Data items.
........

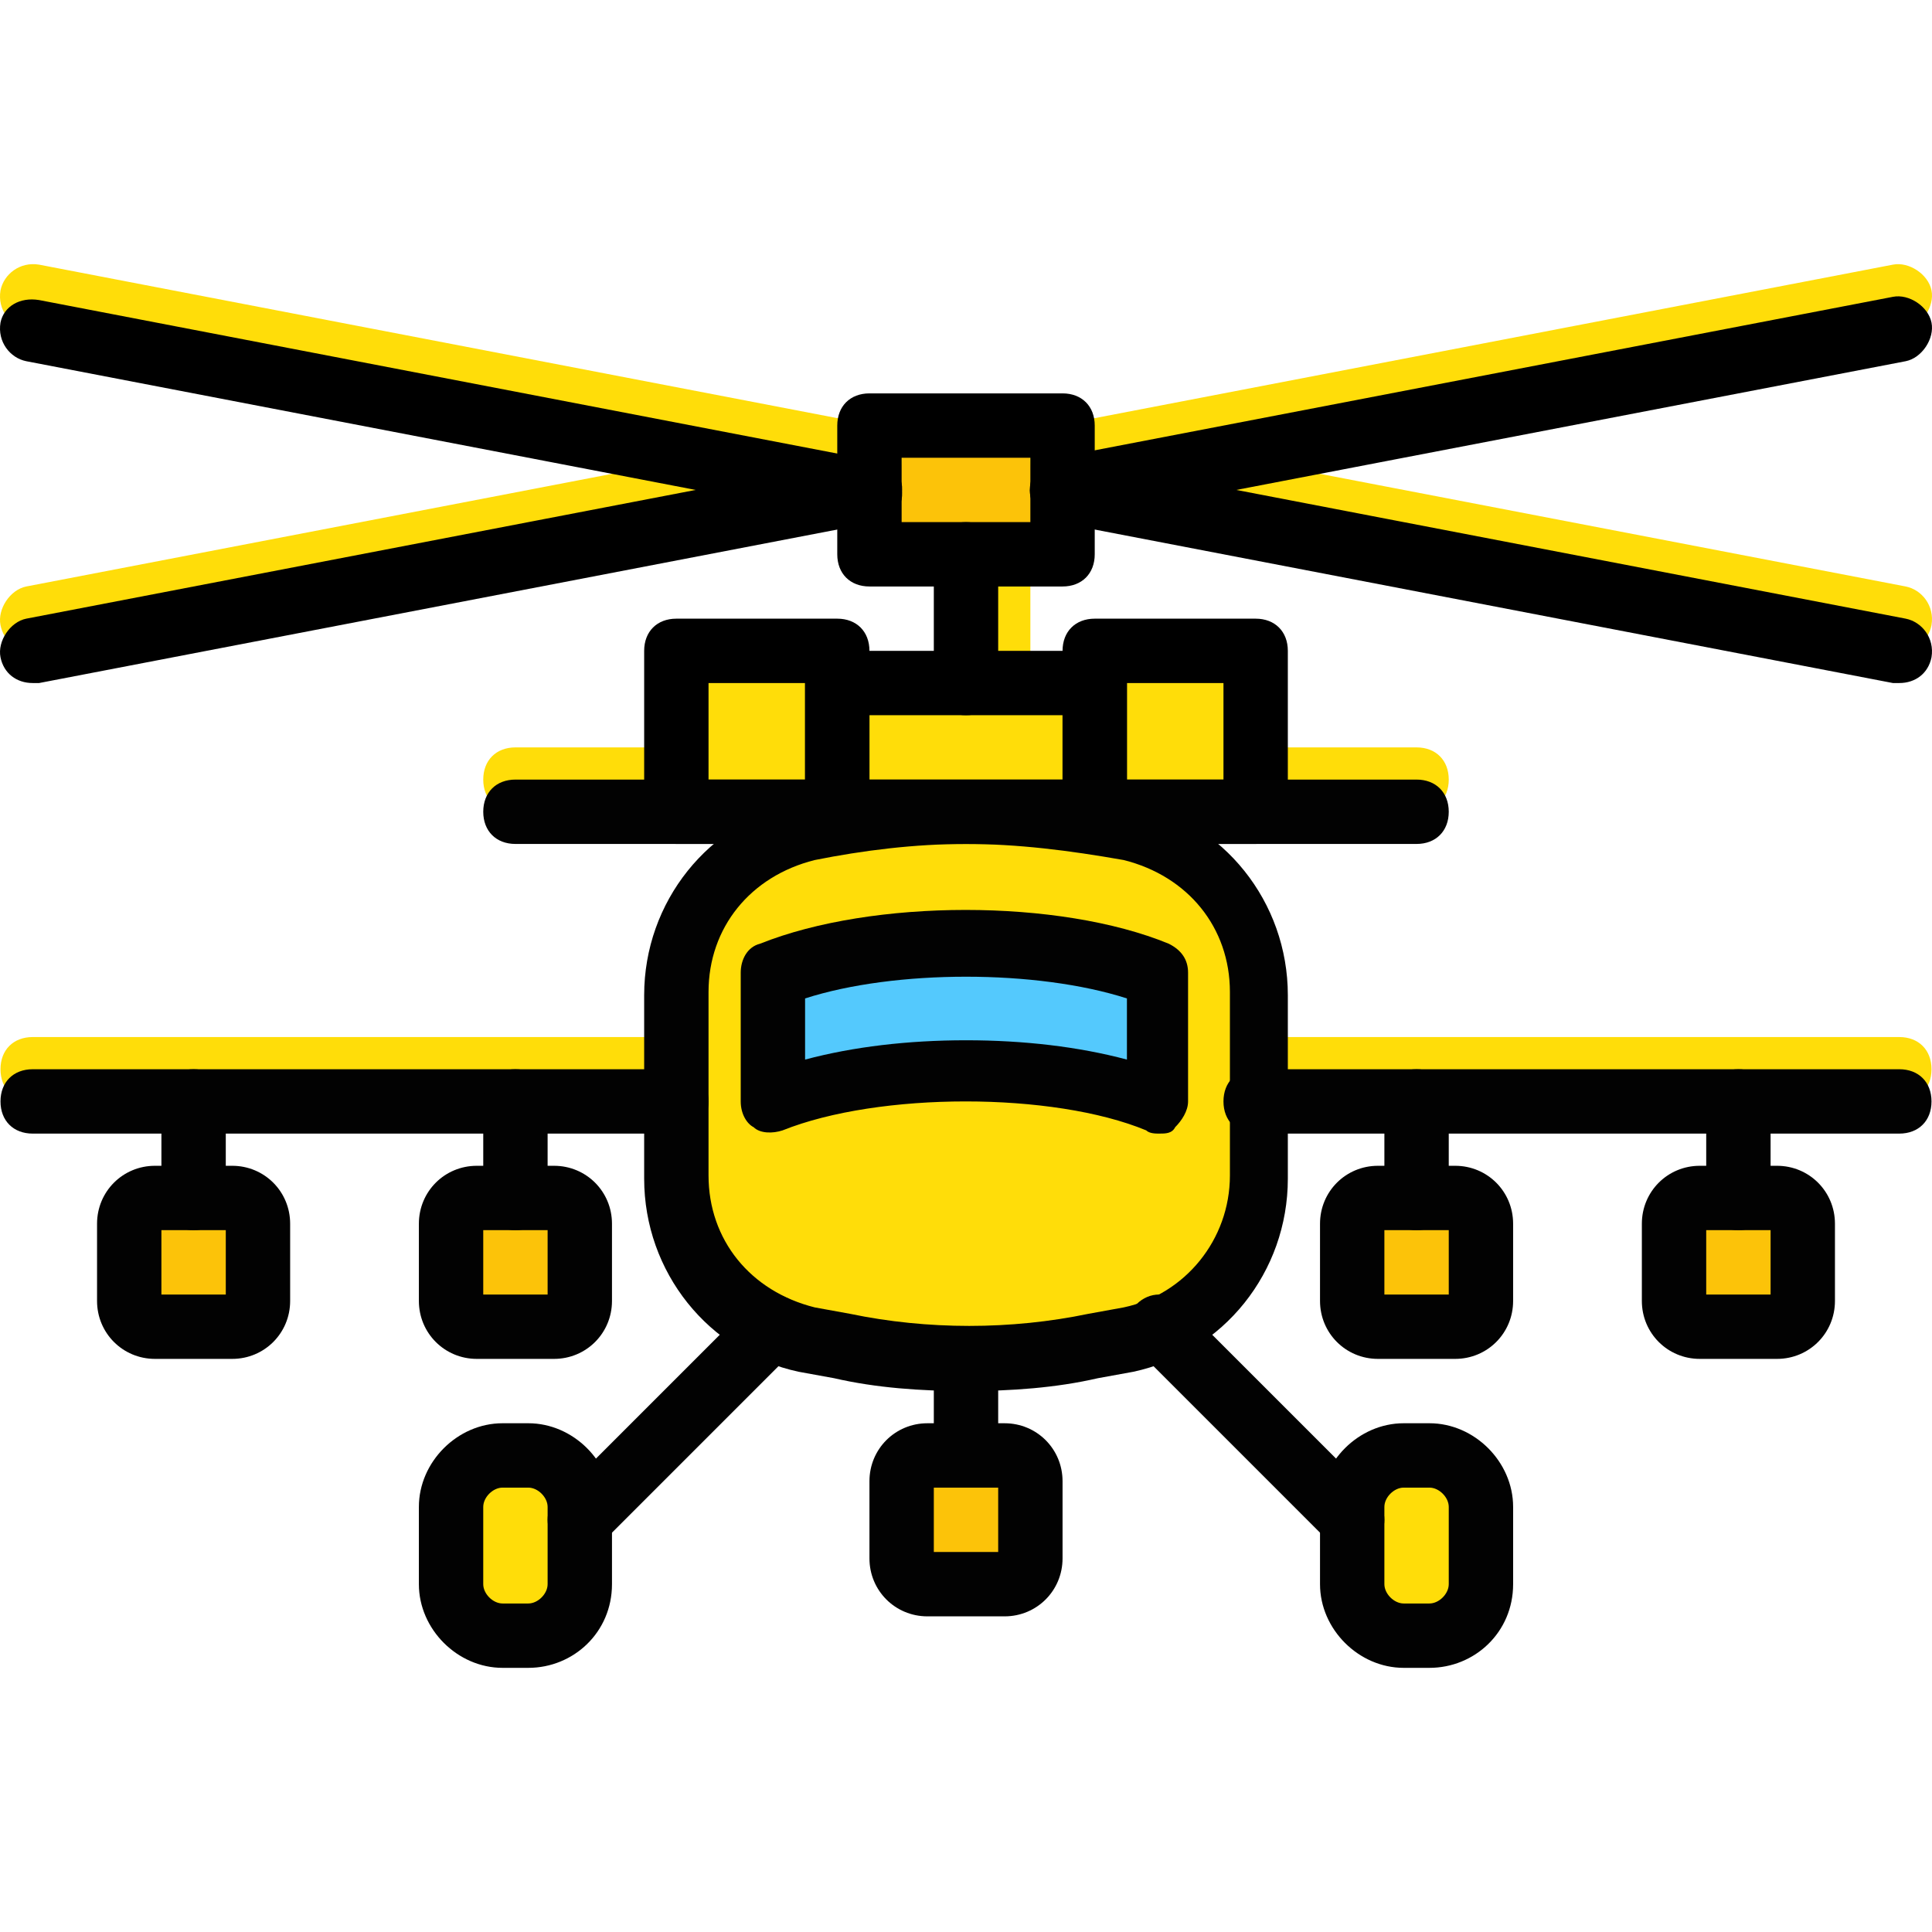 <?xml version="1.0" encoding="iso-8859-1"?>
<!-- Uploaded to: SVG Repo, www.svgrepo.com, Generator: SVG Repo Mixer Tools -->
<svg height="800px" width="800px" version="1.1" id="Layer_1" xmlns="http://www.w3.org/2000/svg" xmlns:xlink="http://www.w3.org/1999/xlink" 
	 viewBox="0 0 512.263 512.263" xml:space="preserve">
<g transform="translate(1 1)">
	<g>
		<path style="fill:#FFDD09;" d="M297.798,354.184l-9.387,1.707c-22.187,5.12-44.373,5.12-66.56,0l-9.387-1.707
			c-20.48-4.267-34.133-22.187-34.133-42.667v-48.64c0-20.48,14.507-38.4,34.133-42.667c28.16-5.973,57.173-5.973,84.48,0
			c20.48,4.267,34.133,22.187,34.133,42.667v48.64C331.932,331.997,317.425,349.917,297.798,354.184"/>
		<path style="fill:#FFDD09;" d="M139.078,432.691h-6.827c-7.68,0-13.653-5.973-13.653-13.653v-20.48
			c0-7.68,5.973-13.653,13.653-13.653h6.827c7.68,0,13.653,5.973,13.653,13.653v20.48
			C152.732,426.717,146.758,432.691,139.078,432.691"/>
		<path style="fill:#FFDD09;" d="M371.185,432.691h6.827c7.68,0,13.653-5.973,13.653-13.653v-20.48
			c0-7.68-5.973-13.653-13.653-13.653h-6.827c-7.68,0-13.653,5.973-13.653,13.653v20.48
			C357.532,426.717,363.505,432.691,371.185,432.691"/>
	</g>
	<g>
		<path style="fill:#FCC309;" d="M60.572,350.771h-20.48c-3.413,0-6.827-2.56-6.827-6.827v-20.48c0-3.413,3.413-6.827,6.827-6.827
			h20.48c3.413,0,6.827,3.413,6.827,7.68v20.48C67.398,348.211,63.985,350.771,60.572,350.771"/>
		<path style="fill:#FCC309;" d="M145.905,350.771h-20.48c-4.267,0-6.827-3.413-6.827-6.827v-20.48c0-4.267,3.413-6.827,6.827-6.827
			h20.48c4.267,0,6.827,3.413,6.827,6.827v20.48C152.732,348.211,149.318,350.771,145.905,350.771"/>
		<path style="fill:#FCC309;" d="M265.372,419.037h-20.48c-4.267,0-6.827-3.413-6.827-6.827v-20.48c0-4.267,3.413-6.827,6.827-6.827
			h20.48c4.267,0,6.827,3.413,6.827,6.827v20.48C272.198,416.477,268.785,419.037,265.372,419.037"/>
		<path style="fill:#FCC309;" d="M384.838,350.771h-20.48c-4.267,0-6.827-3.413-6.827-6.827v-20.48c0-4.267,3.413-6.827,6.827-6.827
			h20.48c4.267,0,6.827,3.413,6.827,6.827v20.48C391.665,348.211,388.252,350.771,384.838,350.771"/>
		<path style="fill:#FCC309;" d="M470.172,350.771h-20.48c-4.267,0-6.827-3.413-6.827-6.827v-20.48c0-4.267,3.413-6.827,6.827-6.827
			h20.48c4.267,0,6.827,3.413,6.827,6.827v20.48C476.998,348.211,473.585,350.771,470.172,350.771"/>
	</g>
	<g>
		<path style="fill:#FFDD09;" d="M178.332,291.037H7.665c-5.12,0-8.533-3.413-8.533-8.533s3.413-8.533,8.533-8.533h170.667
			c5.12,0,8.533,3.413,8.533,8.533S183.452,291.037,178.332,291.037z"/>
		<path style="fill:#FFDD09;" d="M502.598,291.037H331.932c-5.12,0-8.533-3.413-8.533-8.533s3.413-8.533,8.533-8.533h170.667
			c5.12,0,8.533,3.413,8.533,8.533S507.718,291.037,502.598,291.037z"/>
		<path style="fill:#FFDD09;" d="M374.598,214.237H135.665c-5.12,0-8.533-3.413-8.533-8.533c0-5.12,3.413-8.533,8.533-8.533h238.933
			c5.12,0,8.533,3.413,8.533,8.533C383.132,210.824,379.718,214.237,374.598,214.237z"/>
	</g>
	<path style="fill:#54C9FD;" d="M306.332,291.037L306.332,291.037c-27.307-11.093-75.093-11.093-102.4,0l0,0v-34.133l0,0
		c27.307-11.093,75.093-11.093,102.4,0l0,0V291.037z"/>
	<g>
		<polygon style="fill:#FFDD09;" points="220.998,214.237 289.265,214.237 289.265,180.104 220.998,180.104 		"/>
		<polygon style="fill:#FFDD09;" points="178.332,214.237 220.998,214.237 220.998,171.571 178.332,171.571 		"/>
		<polygon style="fill:#FFDD09;" points="289.265,214.237 331.932,214.237 331.932,171.571 289.265,171.571 		"/>
		<path style="fill:#FFDD09;" d="M263.665,188.637c-5.12,0-8.533-3.413-8.533-8.533v-34.133c0-5.12,3.413-8.533,8.533-8.533
			s8.533,3.413,8.533,8.533v34.133C272.198,185.224,268.785,188.637,263.665,188.637z"/>
	</g>
	<polygon style="fill:#FCC309;" points="229.532,145.971 280.732,145.971 280.732,111.837 229.532,111.837 	"/>
	<g>
		<path style="fill:#FFDD09;" d="M229.532,128.904c-0.853,0-0.853,0-1.707,0L5.958,86.237c-4.267-0.853-7.68-5.12-6.827-10.24
			c0.853-4.267,5.12-7.68,10.24-6.827l221.867,42.667c4.267,0.853,7.68,5.12,6.827,10.24
			C237.212,126.344,233.798,128.904,229.532,128.904z"/>
		<path style="fill:#FFDD09;" d="M7.665,171.571c-4.267,0-7.68-2.56-8.533-6.827s2.56-9.387,6.827-10.24l221.867-42.667
			c5.12,0,9.387,2.56,10.24,6.827c0.853,4.267-2.56,9.387-6.827,10.24L9.372,171.571C8.518,171.571,8.518,171.571,7.665,171.571z"/>
		<path style="fill:#FFDD09;" d="M280.732,128.904c-4.267,0-7.68-2.56-8.533-6.827c-0.853-4.267,2.56-9.387,6.827-10.24
			l221.867-42.667c4.267-0.853,9.387,2.56,10.24,6.827c0.853,4.267-2.56,9.387-6.827,10.24l-221.867,42.667
			C281.585,128.904,281.585,128.904,280.732,128.904z"/>
		<path style="fill:#FFDD09;" d="M502.598,171.571c-0.853,0-0.853,0-1.707,0l-221.867-42.667c-4.267-0.853-7.68-5.12-6.827-10.24
			c0.853-4.267,5.12-7.68,10.24-6.827l221.867,42.667c4.267,0.853,7.68,5.12,6.827,10.24
			C510.278,169.011,506.865,171.571,502.598,171.571z"/>
	</g>
	<path d="M280.732,154.504h-51.2c-5.12,0-8.533-3.413-8.533-8.533v-34.133c0-5.12,3.413-8.533,8.533-8.533h51.2
		c5.12,0,8.533,3.413,8.533,8.533v34.133C289.265,151.091,285.852,154.504,280.732,154.504z M238.065,137.437h34.133v-17.067
		h-34.133V137.437z"/>
	<path d="M229.532,137.437c-0.853,0-0.853,0-1.707,0L5.958,94.771c-4.267-0.853-7.68-5.12-6.827-10.24
		c0.853-4.267,5.12-6.827,10.24-5.973l221.867,42.667c4.267,0.853,7.68,5.12,6.827,10.24
		C237.212,134.877,233.798,137.437,229.532,137.437z"/>
	<path d="M7.665,180.104c-4.267,0-7.68-2.56-8.533-6.827c-0.853-4.267,2.56-9.387,6.827-10.24l221.867-42.667
		c5.12,0,9.387,2.56,10.24,6.827c0.853,4.267-2.56,9.387-6.827,10.24L9.372,180.104C8.518,180.104,8.518,180.104,7.665,180.104z"/>
	<path d="M280.732,137.437c-4.267,0-7.68-2.56-8.533-6.827c-0.853-4.267,2.56-9.387,6.827-10.24l221.867-42.667
		c4.267-0.853,9.387,2.56,10.24,6.827c0.853,4.267-2.56,9.387-6.827,10.24l-221.867,42.667
		C281.585,137.437,281.585,137.437,280.732,137.437z"/>
	<path d="M502.598,180.104c-0.853,0-0.853,0-1.707,0l-221.867-42.667c-4.267-0.853-7.68-5.12-6.827-10.24
		c0.853-4.267,5.12-7.68,10.24-6.827l221.867,42.667c4.267,0.853,7.68,5.12,6.827,10.24
		C510.278,177.544,506.865,180.104,502.598,180.104z"/>
	<path d="M255.132,188.637c-5.12,0-8.533-3.413-8.533-8.533v-34.133c0-5.12,3.413-8.533,8.533-8.533c5.12,0,8.533,3.413,8.533,8.533
		v34.133C263.665,185.224,260.252,188.637,255.132,188.637z"/>
	<path d="M289.265,222.771h-68.267c-5.12,0-8.533-3.413-8.533-8.533v-34.133c0-5.12,3.413-8.533,8.533-8.533h68.267
		c5.12,0,8.533,3.413,8.533,8.533v34.133C297.798,219.357,294.385,222.771,289.265,222.771z M229.532,205.704h51.2v-17.067h-51.2
		V205.704z"/>
	<path d="M220.998,222.771h-42.667c-5.12,0-8.533-3.413-8.533-8.533v-42.667c0-5.12,3.413-8.533,8.533-8.533h42.667
		c5.12,0,8.533,3.413,8.533,8.533v42.667C229.532,219.357,226.118,222.771,220.998,222.771z M186.865,205.704h25.6v-25.6h-25.6
		V205.704z"/>
	<path d="M331.932,222.771h-42.667c-5.12,0-8.533-3.413-8.533-8.533v-42.667c0-5.12,3.413-8.533,8.533-8.533h42.667
		c5.12,0,8.533,3.413,8.533,8.533v42.667C340.465,219.357,337.052,222.771,331.932,222.771z M297.798,205.704h25.6v-25.6h-25.6
		V205.704z"/>
	<g>
		<path style="fill:#020202;" d="M255.132,367.837c-11.947,0-23.893-0.853-34.987-3.413l-9.387-1.707
			c-23.893-5.12-40.96-26.453-40.96-51.2v-48.64c0-24.747,17.067-46.08,40.96-51.2c29.013-6.827,59.733-6.827,88.747,0
			c23.893,5.12,40.96,26.453,40.96,51.2v48.64c0,24.747-17.067,46.08-40.96,51.2l-9.387,1.707
			C279.025,366.984,267.078,367.837,255.132,367.837z M255.132,222.771c-13.653,0-27.307,1.707-40.107,4.267
			c-17.067,4.267-28.16,17.92-28.16,34.987v48.64c0,17.067,11.093,30.72,28.16,34.987l9.387,1.707
			c20.48,4.267,42.667,4.267,63.147,0l9.387-1.707l0,0c16.213-3.413,28.16-17.92,28.16-34.987v-48.64
			c0-17.067-11.093-30.72-28.16-34.987C282.438,224.477,268.785,222.771,255.132,222.771z"/>
		<path style="fill:#020202;" d="M178.332,299.571H7.665c-5.12,0-8.533-3.413-8.533-8.533s3.413-8.533,8.533-8.533h170.667
			c5.12,0,8.533,3.413,8.533,8.533S183.452,299.571,178.332,299.571z"/>
		<path style="fill:#020202;" d="M502.598,299.571H331.932c-5.12,0-8.533-3.413-8.533-8.533s3.413-8.533,8.533-8.533h170.667
			c5.12,0,8.533,3.413,8.533,8.533S507.718,299.571,502.598,299.571z"/>
		<path style="fill:#020202;" d="M50.332,325.171c-5.12,0-8.533-3.413-8.533-8.533v-25.6c0-5.12,3.413-8.533,8.533-8.533
			s8.533,3.413,8.533,8.533v25.6C58.865,321.757,55.452,325.171,50.332,325.171z"/>
		<path style="fill:#020202;" d="M60.572,359.304h-20.48c-8.533,0-15.36-6.827-15.36-15.36v-20.48c0-8.533,6.827-15.36,15.36-15.36
			h20.48c8.533,0,15.36,6.827,15.36,15.36v20.48C75.932,352.477,69.105,359.304,60.572,359.304z M41.798,342.237h17.067v-17.067
			H41.798V342.237z"/>
		<path style="fill:#020202;" d="M135.665,325.171c-5.12,0-8.533-3.413-8.533-8.533v-25.6c0-5.12,3.413-8.533,8.533-8.533
			c5.12,0,8.533,3.413,8.533,8.533v25.6C144.198,321.757,140.785,325.171,135.665,325.171z"/>
		<path style="fill:#020202;" d="M145.905,359.304h-20.48c-8.533,0-15.36-6.827-15.36-15.36v-20.48c0-8.533,6.827-15.36,15.36-15.36
			h20.48c8.533,0,15.36,6.827,15.36,15.36v20.48C161.265,352.477,154.438,359.304,145.905,359.304z M127.132,342.237h17.067v-17.067
			h-17.067V342.237z"/>
		<path style="fill:#020202;" d="M265.372,427.571h-20.48c-8.533,0-15.36-6.827-15.36-15.36v-20.48c0-8.533,6.827-15.36,15.36-15.36
			h20.48c8.533,0,15.36,6.827,15.36,15.36v20.48C280.732,420.744,273.905,427.571,265.372,427.571z M246.598,410.504h17.067v-17.067
			h-17.067V410.504z"/>
		<path style="fill:#020202;" d="M374.598,325.171c-5.12,0-8.533-3.413-8.533-8.533v-25.6c0-5.12,3.413-8.533,8.533-8.533
			s8.533,3.413,8.533,8.533v25.6C383.132,321.757,379.718,325.171,374.598,325.171z"/>
		<path style="fill:#020202;" d="M384.838,359.304h-20.48c-8.533,0-15.36-6.827-15.36-15.36v-20.48c0-8.533,6.827-15.36,15.36-15.36
			h20.48c8.533,0,15.36,6.827,15.36,15.36v20.48C400.198,352.477,393.372,359.304,384.838,359.304z M366.065,342.237h17.067v-17.067
			h-17.067V342.237z"/>
		<path style="fill:#020202;" d="M459.932,325.171c-5.12,0-8.533-3.413-8.533-8.533v-25.6c0-5.12,3.413-8.533,8.533-8.533
			c5.12,0,8.533,3.413,8.533,8.533v25.6C468.465,321.757,465.052,325.171,459.932,325.171z"/>
		<path style="fill:#020202;" d="M470.172,359.304h-20.48c-8.533,0-15.36-6.827-15.36-15.36v-20.48c0-8.533,6.827-15.36,15.36-15.36
			h20.48c8.533,0,15.36,6.827,15.36,15.36v20.48C485.532,352.477,478.705,359.304,470.172,359.304z M451.398,342.237h17.067v-17.067
			h-17.067V342.237z"/>
		<path style="fill:#020202;" d="M255.132,393.438c-5.12,0-8.533-3.413-8.533-8.533v-25.6c0-5.12,3.413-8.533,8.533-8.533
			c5.12,0,8.533,3.413,8.533,8.533v25.6C263.665,390.024,260.252,393.438,255.132,393.438z"/>
		<path style="fill:#020202;" d="M152.732,410.504c-2.56,0-4.267-0.853-5.973-2.56c-3.413-3.413-3.413-8.533,0-11.947l51.2-51.2
			c3.413-3.413,8.533-3.413,11.947,0s3.413,8.533,0,11.947l-51.2,51.2C156.998,409.651,155.292,410.504,152.732,410.504z"/>
		<path style="fill:#020202;" d="M139.078,441.224h-6.827c-11.947,0-22.187-10.24-22.187-22.187v-20.48
			c0-11.947,10.24-22.187,22.187-22.187h6.827c11.947,0,22.187,10.24,22.187,22.187v20.48
			C161.265,431.837,151.025,441.224,139.078,441.224z M132.252,393.438c-2.56,0-5.12,2.56-5.12,5.12v20.48
			c0,2.56,2.56,5.12,5.12,5.12h6.827c2.56,0,5.12-2.56,5.12-5.12v-20.48c0-2.56-2.56-5.12-5.12-5.12H132.252z"/>
		<path style="fill:#020202;" d="M357.532,410.504c-2.56,0-4.267-0.853-5.973-2.56l-51.2-51.2c-3.413-3.413-3.413-8.533,0-11.947
			c3.413-3.413,8.533-3.413,11.947,0l51.2,51.2c3.413,3.413,3.413,8.533,0,11.947C361.798,409.651,360.092,410.504,357.532,410.504z
			"/>
		<path style="fill:#020202;" d="M378.012,441.224h-6.827c-11.947,0-22.187-10.24-22.187-22.187v-20.48
			c0-11.947,10.24-22.187,22.187-22.187h6.827c11.947,0,22.187,10.24,22.187,22.187v20.48
			C400.198,431.837,389.958,441.224,378.012,441.224z M371.185,393.438c-2.56,0-5.12,2.56-5.12,5.12v20.48
			c0,2.56,2.56,5.12,5.12,5.12h6.827c2.56,0,5.12-2.56,5.12-5.12v-20.48c0-2.56-2.56-5.12-5.12-5.12H371.185z"/>
		<path style="fill:#020202;" d="M374.598,222.771H135.665c-5.12,0-8.533-3.413-8.533-8.533c0-5.12,3.413-8.533,8.533-8.533h238.933
			c5.12,0,8.533,3.413,8.533,8.533C383.132,219.357,379.718,222.771,374.598,222.771z"/>
		<path style="fill:#020202;" d="M306.332,299.571c-0.853,0-2.56,0-3.413-0.853c-24.747-10.24-70.827-10.24-96.427,0
			c-2.56,0.853-5.973,0.853-7.68-0.853c-1.707-0.853-3.413-3.413-3.413-6.827v-34.133c0-3.413,1.707-6.827,5.12-7.68
			c29.867-11.947,79.36-11.947,108.373,0c3.413,1.707,5.12,4.267,5.12,7.68v34.133c0,2.56-1.707,5.12-3.413,6.827
			C309.745,299.571,308.038,299.571,306.332,299.571z M255.132,274.824c15.36,0,29.867,1.707,42.667,5.12v-16.213
			c-23.893-7.68-61.44-7.68-85.333,0v16.213C225.265,276.531,239.772,274.824,255.132,274.824z"/>
	</g>
</g>
</svg>

........

Where the word "polygon" shows up in a line of the entries above, count that line; the answer is the total alone.

4